An Integrated FDD Approach for an Intensified HEX/Reactor

1Electrical Engineering School, Guizhou University, Guiyang 550025, China
2CNRS, LGC, 31030 Toulouse, France
3LGC, Université de Toulouse, UPS, 31030 Toulouse, France
4CNRS, LAAS, 31400 Toulouse, France
5LAAS, Université de Toulouse, UPS, 31400 Toulouse, France

Correspondence should be addressed to Ze-tao Li; moc.361@tzlygzg

Received 21 August 2017; Revised 15 November 2017; Accepted 23 November 2017; Published 14 January 2018

Academic Editor: Ai-Guo Wu

Copyright © 2018 Mei Zhang et al. This is an open access article distributed under the Creative Commons Attribution License, which permits unrestricted use, distribution, and reproduction in any medium, provided the original work is properly cited.
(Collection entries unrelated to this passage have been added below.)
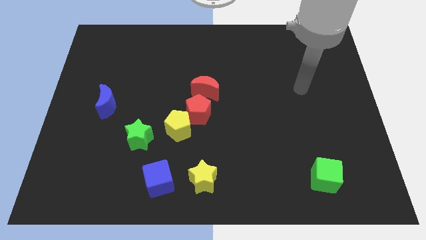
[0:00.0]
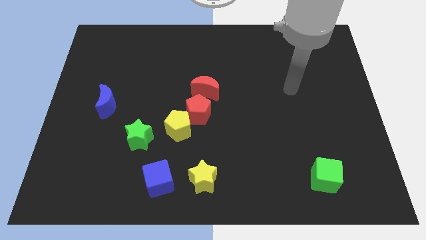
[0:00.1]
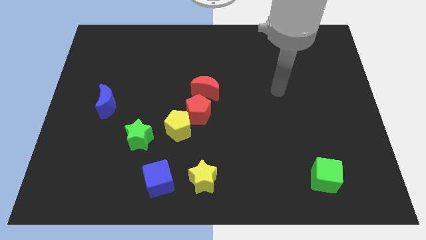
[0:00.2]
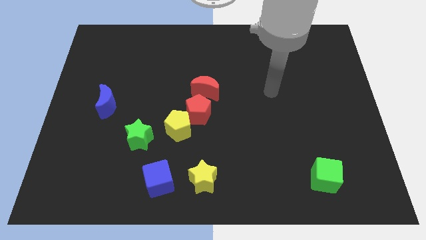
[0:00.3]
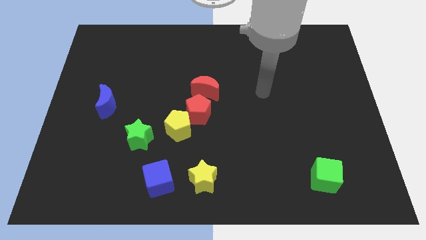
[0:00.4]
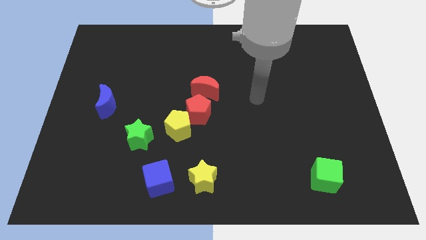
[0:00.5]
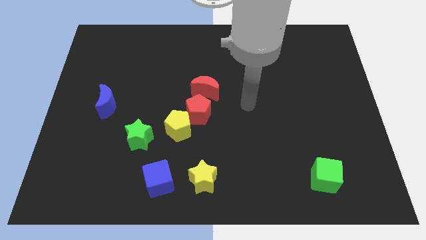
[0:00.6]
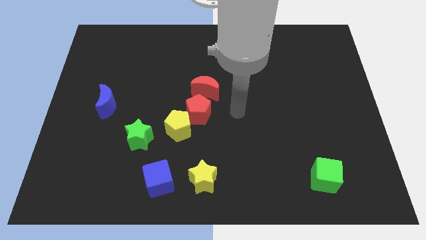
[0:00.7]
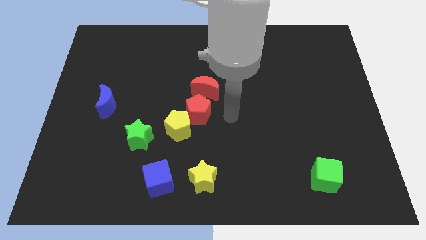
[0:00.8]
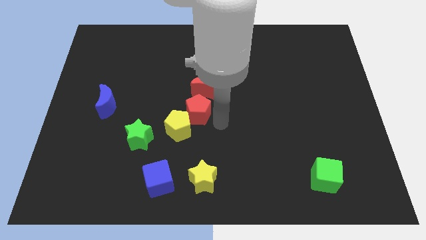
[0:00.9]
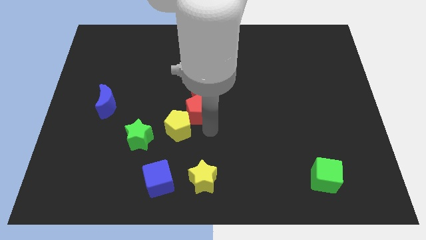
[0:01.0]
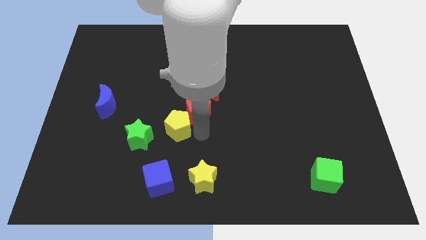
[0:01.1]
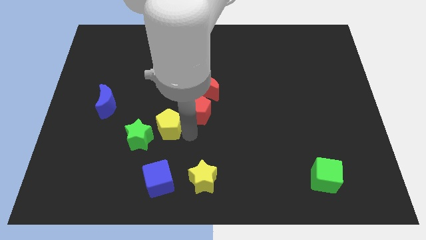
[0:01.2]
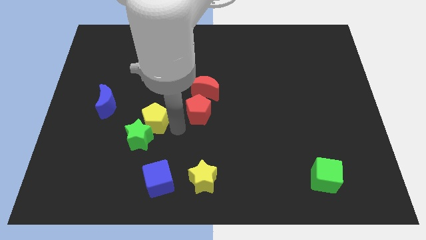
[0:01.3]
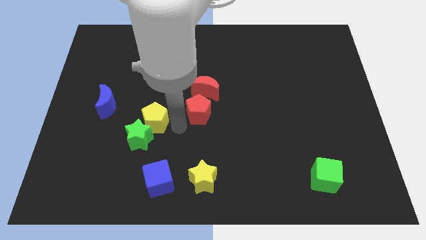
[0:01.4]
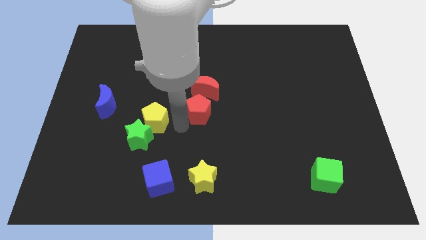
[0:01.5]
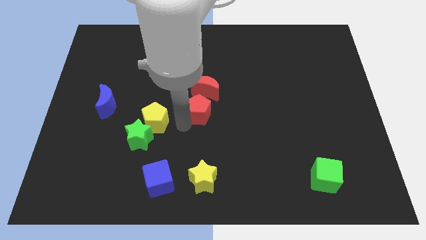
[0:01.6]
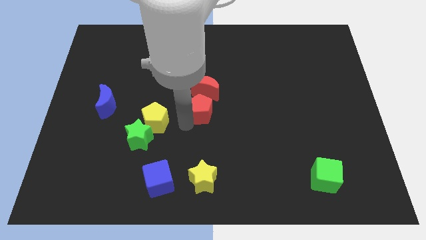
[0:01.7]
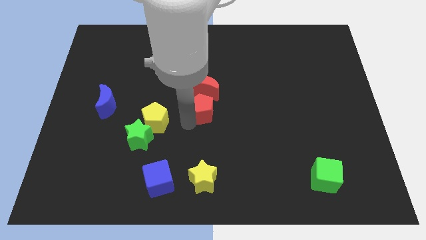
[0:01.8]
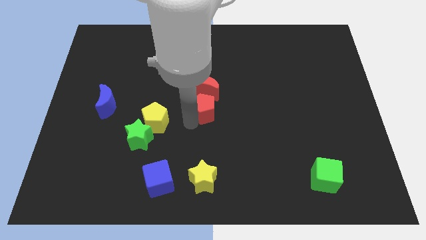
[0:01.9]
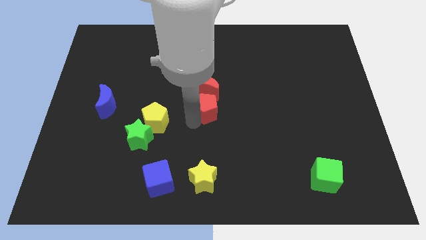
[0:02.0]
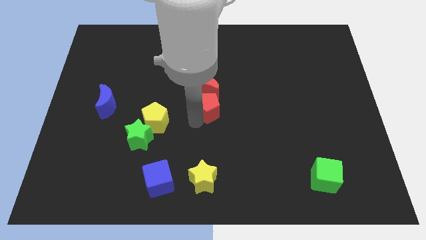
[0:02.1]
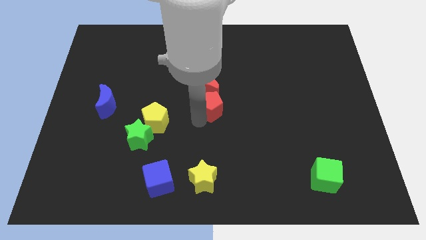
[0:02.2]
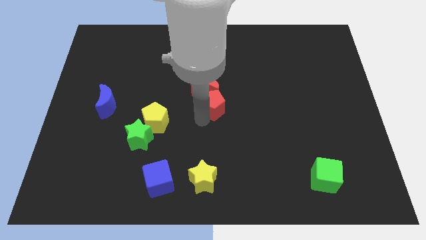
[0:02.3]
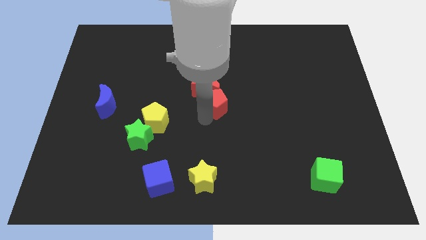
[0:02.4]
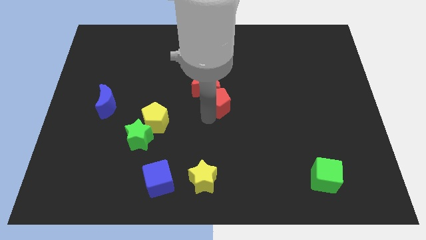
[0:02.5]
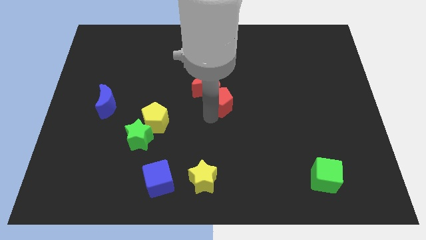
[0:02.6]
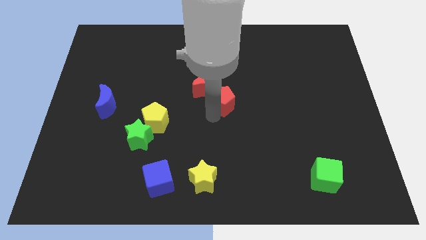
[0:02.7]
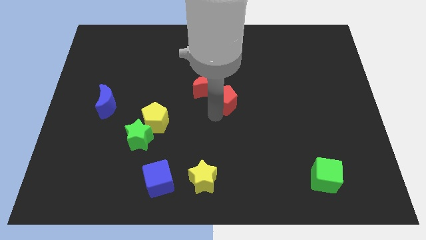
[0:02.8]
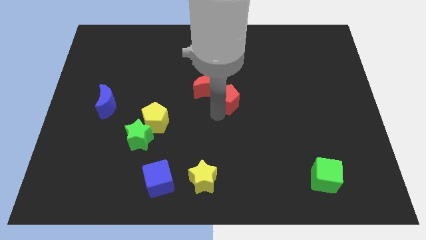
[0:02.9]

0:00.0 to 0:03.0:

In this paper, a fault detection and diagnosis (FDD) scheme is developed for a class of intensified HEX/reactor, in which faults caused by sensor, actuator, and process are taken into account in the unified framework. By considering overall heat transfer coefficient as a function of fouling and fluid flow rate, a dynamic model which is capable of identifying these two faults simultaneously is derived. Sensor measurements, together with estimation by adaptive high gain observers, are processed, aimed at identifying sensor faults and providing adequate estimation to substitute faulty measurements. Then reliable measurements are fed to several banks of interval filters to generate several banks of residuals; each bank of residuals is sensitive to a particular process parameter/actuator. By evaluating these residuals, process/actuator fault isolation and identification are achieved. The proposed strategy is applied to actual data retrieved from a new intensified heat exchanger reactor. Simulation results confirm the applicability and robustness of the proposed methodology.